The other functional difference is in the learning step. In current implementation, training happens in the scope of a single segment. Thus other segments that are not activated are not impacted by training on a different segment for the same cell.
In my above example, if the cell learns “fox” in the original implementation, it would grow a third segment and train it to recognize “fox”. This would have no impact on its current connections to “dog” and “cat”. In the new implementation, however, the cell would train itself to better connect to “fox”, and its connections to “dog” and “cat” would be degraded.
Ultimately, this would mean that things could be forgotten more quickly. On the flip side it would mean the system could be more efficient in memory usage. In the example above, I didn’t need to grow a whole new segment for “fox”, but I did degrade my memory of “cat” and “dog”.
I’m curious if anyone has explored the “one segment per cell” setup and has some comparative data they could share.
Abstract concepts of “proximal”, “distal”, “apical”, “active”, and “predictive” into just “charge”
One of the issues with current implementation of HTM is leveraging concurrency, due to the rather mechanical three-phase TM process of Activate -> Predict -> Learn, and the classification of inputs as “proximal”, “distal”, and “apical” used differently through the process. It is also difficult to ever move away from discrete time.

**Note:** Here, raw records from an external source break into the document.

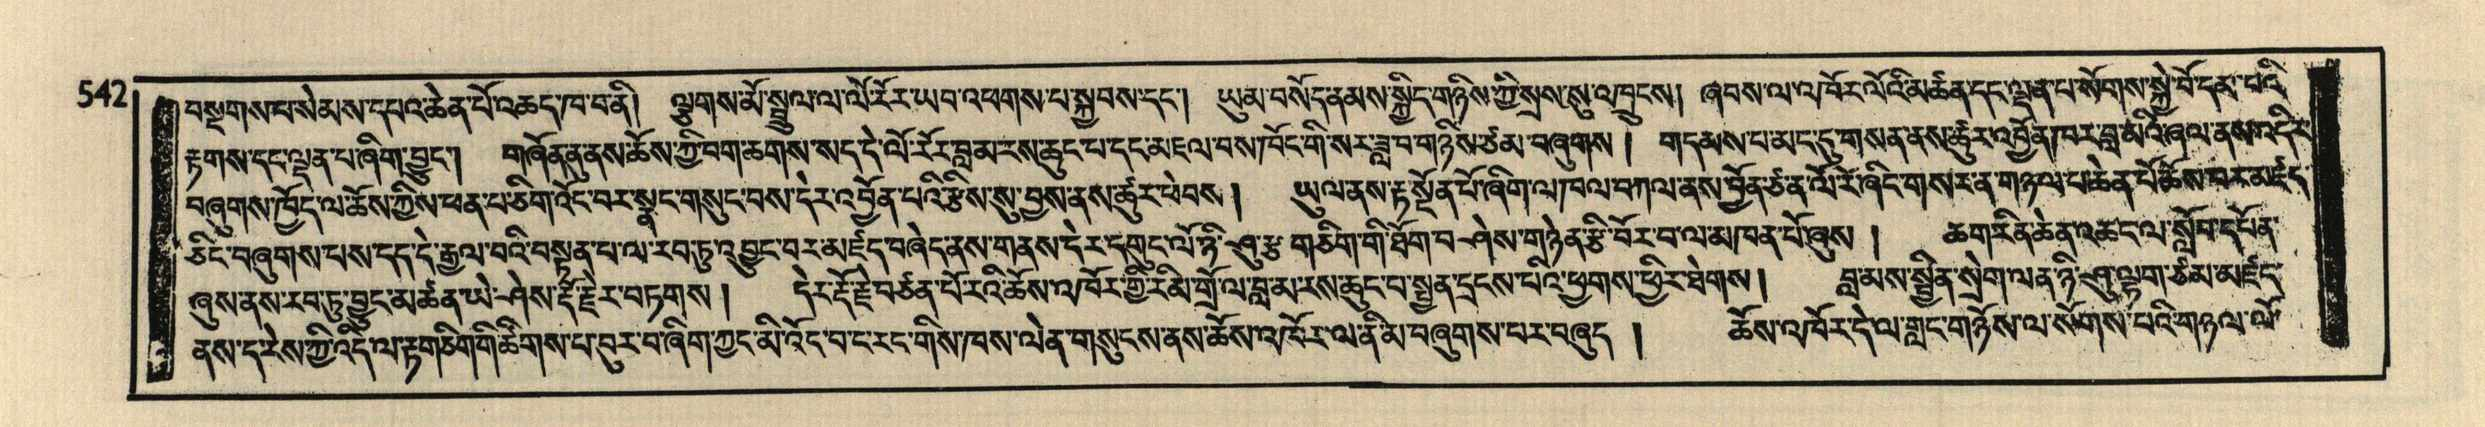བསྔགས་པ་སེམས་དཔའ་ཆེན་པོ་འཆད་ཁ་བ་ནི། ལྕགས་མོ་སྦྲུལ་ལ་ལོ་རོར་ཡབ་འཕགས་པ་སྐྱབས་དང་། ཡུམ་བསོད་ནམས་སྐྱིད་གཉིས་ཀྱི་སྲས་སུ་འཁྲུངས། ཞབས་ལ་འཁོར་ལོའི་མཚན་དང་ལྡན་པ་སོགས་སྐྱེ་བོ་དམ་པའི་
རྟགས་དང་ལྡན་པ་ཞིག་བྱུང་། གཞོན་ནུ་ནས་ཆོས་ཀྱི་བག་ཆགས་སད་དེ་ལོ་རོར་བླ་མ་རས་ཆུང་པ་དང་མཇལ་བས་ཁོང་གི་སར་ཟླ་བ་གཉིས་ཙམ་བཞུགས། གདམས་པ་མང་དུ་གསན་ནས་ཚུར་འབྱོན་ཁར་བླ་མའི་ཞལ་ནས་འདིར་
བཞུགས་ཁྱོད་ལ་ཆོས་ཀྱིས་ཕན་པ་ཅིག་འོང་བར་སྣང་གསུང་བས་དེར་འབྱོན་པའི་རྩིས་སུ་བྱས་ནས་ཚུར་ཕེབས། ཡུལ་ནས་རྟ་སྔོན་པོ་ཞིག་ལ་ཁལ་བཀལ་ནས་བྱོན་ཙ་ན་ལོ་རོ་ཞིང་གསར་ན་གཉལ་པ་ཆེན་པོ་ཆོས་བར་མཛད་
ཅིང་བཞུགས་པས་དད་དེ་རྒྱལ་བའི་བསྟན་པ་ལ་རབ་ཏུ་འབྱུང་བར་མཛད་བཞེད་ནས་གནས་དེར་དགུང་ལོ་ཉི་ཤུ་རྩ་གཅིག་གི་ཐོག་བཤེས་གཉེན་རྩི་བོར་བ་ལ་མཁན་པོ་ཞུས། ཆག་རིན་ཆེན་འཆང་ལ་སློབ་དཔོན་
ཞུས་ནས་རབ་ཏུ་བྱུང་མཚན་ཡེ་ཤེས་རྡོ་རྗེར་བཏགས། དེར་རྡོ་རྗེ་བཙན་པོ་རའི་ཆོས་འཁོར་གྱི་རིམ་གྲོ་ལ་བླ་མ་རས་ཆུང་བ་སྤྱན་དྲངས་པའི་ཕྱག་ཕྱིར་ཐེགས། བླ་མས་སྦྱིན་སྲེག་ལན་ཉི་ཤུ་ལྷག་ཙམ་མཛད་
ནས་ད་རེས་ཀྱི་འདི་ལ་རྟ་གཅིག་གི་ཚིགས་པ་བུར་བ་ཞིག་ཀྱང་མི་འོང་བ་ང་རང་གིས་ཁས་ལེན་གསུངས་ནས་ཆོས་འཁོར་ལ་ནི་མ་བཞུགས་པར་བཞུད། ཆོས་འཁོར་དེ་ལ་གླང་གཉོས་ལ་སོགས་པའི་གཉལ་ལོ་

The idea for this optimization would be to have dendrites which transmit a charge to a receiving cell. The receiving cell would accumulate charges from all transmitting cells connected to it. The higher the charge, the better connected a cell is with the current input (equivalent to “predictive state”). A cell’s accumulated charge would degrade over time. When the cell’s charge reaches a certain threshold, it transmits a charge to other receiving cells and its own charge is depleted.
A transmitted charge would attenuate the further the distance from the transmitting cell. So by giving different lengths for proximal, distal, and apical dendrites, we can get the desired behaviors
A further optimization on top of this would be to assume all proximal dendrites have the same length, all distals have another length, and all apicals have a third length, we can eliminate the need to calculate attenuation during the process, and simply use constants for the transmitted charges.
Cells would no longer have a state. Instead they would have a charge. Based on the charge, we can determine how well they connect with the current input, if they are predictive, whether they should activate, and so-on. With proper settings for charges and thresholds, distal dendrites could be made to only ever put a cell into a predictive state but never activate it, apical and distal inputs could be combined to generate activations, and so-on. Concurrency would also be possible (with removal of discrete time, every cell could in theory perform its functions concurrently with every other cell – would require some type of timing signal to synchronize though)
This is obviously a big deviation from HTM theory, so curious if anyone has thought if this before, and any potential issues you can see cropping up with this strategy.